» **EXERCISE DESCRIPTION**: Only the lines from the top of the data through the line with "Hear t di s eas e." should be repeated, each exactly as written.

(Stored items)

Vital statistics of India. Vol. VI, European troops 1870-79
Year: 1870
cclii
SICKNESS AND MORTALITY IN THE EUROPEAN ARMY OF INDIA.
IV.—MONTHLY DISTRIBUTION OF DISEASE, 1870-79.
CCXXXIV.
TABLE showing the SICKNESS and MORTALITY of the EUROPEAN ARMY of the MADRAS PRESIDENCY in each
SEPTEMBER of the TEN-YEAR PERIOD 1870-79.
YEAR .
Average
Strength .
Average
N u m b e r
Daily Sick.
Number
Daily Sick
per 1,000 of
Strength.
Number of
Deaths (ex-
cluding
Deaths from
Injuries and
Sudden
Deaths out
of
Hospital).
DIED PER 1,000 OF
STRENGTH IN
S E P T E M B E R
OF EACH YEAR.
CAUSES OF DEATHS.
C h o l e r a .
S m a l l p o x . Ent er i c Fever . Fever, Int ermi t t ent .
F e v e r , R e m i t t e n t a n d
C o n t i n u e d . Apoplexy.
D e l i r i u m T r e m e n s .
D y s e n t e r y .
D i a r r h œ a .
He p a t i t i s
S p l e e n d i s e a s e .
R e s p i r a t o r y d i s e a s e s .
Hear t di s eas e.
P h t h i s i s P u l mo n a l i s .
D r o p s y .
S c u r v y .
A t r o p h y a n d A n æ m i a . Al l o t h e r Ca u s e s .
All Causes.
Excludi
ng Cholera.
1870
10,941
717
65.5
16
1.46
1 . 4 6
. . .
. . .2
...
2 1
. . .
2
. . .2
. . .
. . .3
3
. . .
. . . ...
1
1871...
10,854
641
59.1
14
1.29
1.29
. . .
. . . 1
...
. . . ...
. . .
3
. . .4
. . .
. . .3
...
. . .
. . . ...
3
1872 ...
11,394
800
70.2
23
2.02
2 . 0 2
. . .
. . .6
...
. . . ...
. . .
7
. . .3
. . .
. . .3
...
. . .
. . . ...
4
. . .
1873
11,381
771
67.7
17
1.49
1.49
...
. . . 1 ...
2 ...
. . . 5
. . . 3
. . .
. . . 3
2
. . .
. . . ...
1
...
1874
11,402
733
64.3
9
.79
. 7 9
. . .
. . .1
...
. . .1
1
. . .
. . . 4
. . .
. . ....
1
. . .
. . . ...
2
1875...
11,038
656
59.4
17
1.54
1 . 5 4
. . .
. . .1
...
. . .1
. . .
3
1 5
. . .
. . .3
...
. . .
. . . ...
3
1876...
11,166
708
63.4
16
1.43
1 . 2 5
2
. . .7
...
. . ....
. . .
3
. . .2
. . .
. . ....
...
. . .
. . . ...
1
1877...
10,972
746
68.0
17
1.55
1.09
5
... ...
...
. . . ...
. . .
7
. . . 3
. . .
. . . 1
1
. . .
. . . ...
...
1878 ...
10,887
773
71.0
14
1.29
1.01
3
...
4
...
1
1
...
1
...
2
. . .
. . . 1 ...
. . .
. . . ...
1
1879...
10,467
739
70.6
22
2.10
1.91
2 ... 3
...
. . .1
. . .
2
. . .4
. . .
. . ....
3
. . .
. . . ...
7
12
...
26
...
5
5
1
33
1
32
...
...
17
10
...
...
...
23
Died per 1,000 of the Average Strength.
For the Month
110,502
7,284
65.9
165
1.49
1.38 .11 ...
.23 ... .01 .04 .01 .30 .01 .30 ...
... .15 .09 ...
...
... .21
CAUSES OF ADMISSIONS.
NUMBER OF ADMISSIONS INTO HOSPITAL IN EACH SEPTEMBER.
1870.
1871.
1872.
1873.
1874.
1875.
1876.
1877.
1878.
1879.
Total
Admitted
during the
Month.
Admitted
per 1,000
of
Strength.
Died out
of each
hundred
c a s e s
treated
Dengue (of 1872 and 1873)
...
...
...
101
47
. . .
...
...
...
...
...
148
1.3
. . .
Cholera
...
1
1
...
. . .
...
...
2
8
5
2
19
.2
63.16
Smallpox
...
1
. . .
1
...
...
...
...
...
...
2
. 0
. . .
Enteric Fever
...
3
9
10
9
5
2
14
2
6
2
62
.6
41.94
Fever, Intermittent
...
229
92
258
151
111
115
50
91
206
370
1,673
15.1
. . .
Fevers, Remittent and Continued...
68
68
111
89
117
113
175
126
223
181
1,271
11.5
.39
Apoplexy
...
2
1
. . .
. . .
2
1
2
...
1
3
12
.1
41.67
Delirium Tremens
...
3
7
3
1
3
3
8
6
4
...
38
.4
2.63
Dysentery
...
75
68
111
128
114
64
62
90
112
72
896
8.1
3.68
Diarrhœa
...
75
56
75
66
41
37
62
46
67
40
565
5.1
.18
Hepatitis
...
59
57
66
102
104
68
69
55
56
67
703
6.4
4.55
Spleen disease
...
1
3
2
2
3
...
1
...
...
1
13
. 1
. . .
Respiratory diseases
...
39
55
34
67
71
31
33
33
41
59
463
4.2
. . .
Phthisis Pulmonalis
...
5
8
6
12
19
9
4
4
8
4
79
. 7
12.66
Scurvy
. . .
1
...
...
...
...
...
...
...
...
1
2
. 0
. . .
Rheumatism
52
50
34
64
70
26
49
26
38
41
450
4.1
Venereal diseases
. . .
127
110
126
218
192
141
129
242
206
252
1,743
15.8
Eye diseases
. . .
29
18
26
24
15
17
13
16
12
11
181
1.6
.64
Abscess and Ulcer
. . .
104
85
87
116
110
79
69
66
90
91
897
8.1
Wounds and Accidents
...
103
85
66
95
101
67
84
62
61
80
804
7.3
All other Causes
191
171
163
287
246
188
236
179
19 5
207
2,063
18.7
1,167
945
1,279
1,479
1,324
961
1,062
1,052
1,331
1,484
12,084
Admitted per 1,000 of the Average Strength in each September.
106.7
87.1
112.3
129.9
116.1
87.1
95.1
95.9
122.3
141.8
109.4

» **RESPONSE TO THIS TASK**:
Vital statistics of India. Vol. VI, European troops 1870-79
Year: 1870
cclii
SICKNESS AND MORTALITY IN THE EUROPEAN ARMY OF INDIA.
IV.—MONTHLY DISTRIBUTION OF DISEASE, 1870-79.
CCXXXIV.
TABLE showing the SICKNESS and MORTALITY of the EUROPEAN ARMY of the MADRAS PRESIDENCY in each
SEPTEMBER of the TEN-YEAR PERIOD 1870-79.
YEAR .
Average
Strength .
Average
N u m b e r
Daily Sick.
Number
Daily Sick
per 1,000 of
Strength.
Number of
Deaths (ex-
cluding
Deaths from
Injuries and
Sudden
Deaths out
of
Hospital).
DIED PER 1,000 OF
STRENGTH IN
S E P T E M B E R
OF EACH YEAR.
CAUSES OF DEATHS.
C h o l e r a .
S m a l l p o x . Ent er i c Fever . Fever, Int ermi t t ent .
F e v e r , R e m i t t e n t a n d
C o n t i n u e d . Apoplexy.
D e l i r i u m T r e m e n s .
D y s e n t e r y .
D i a r r h œ a .
He p a t i t i s
S p l e e n d i s e a s e .
R e s p i r a t o r y d i s e a s e s .
Hear t di s eas e.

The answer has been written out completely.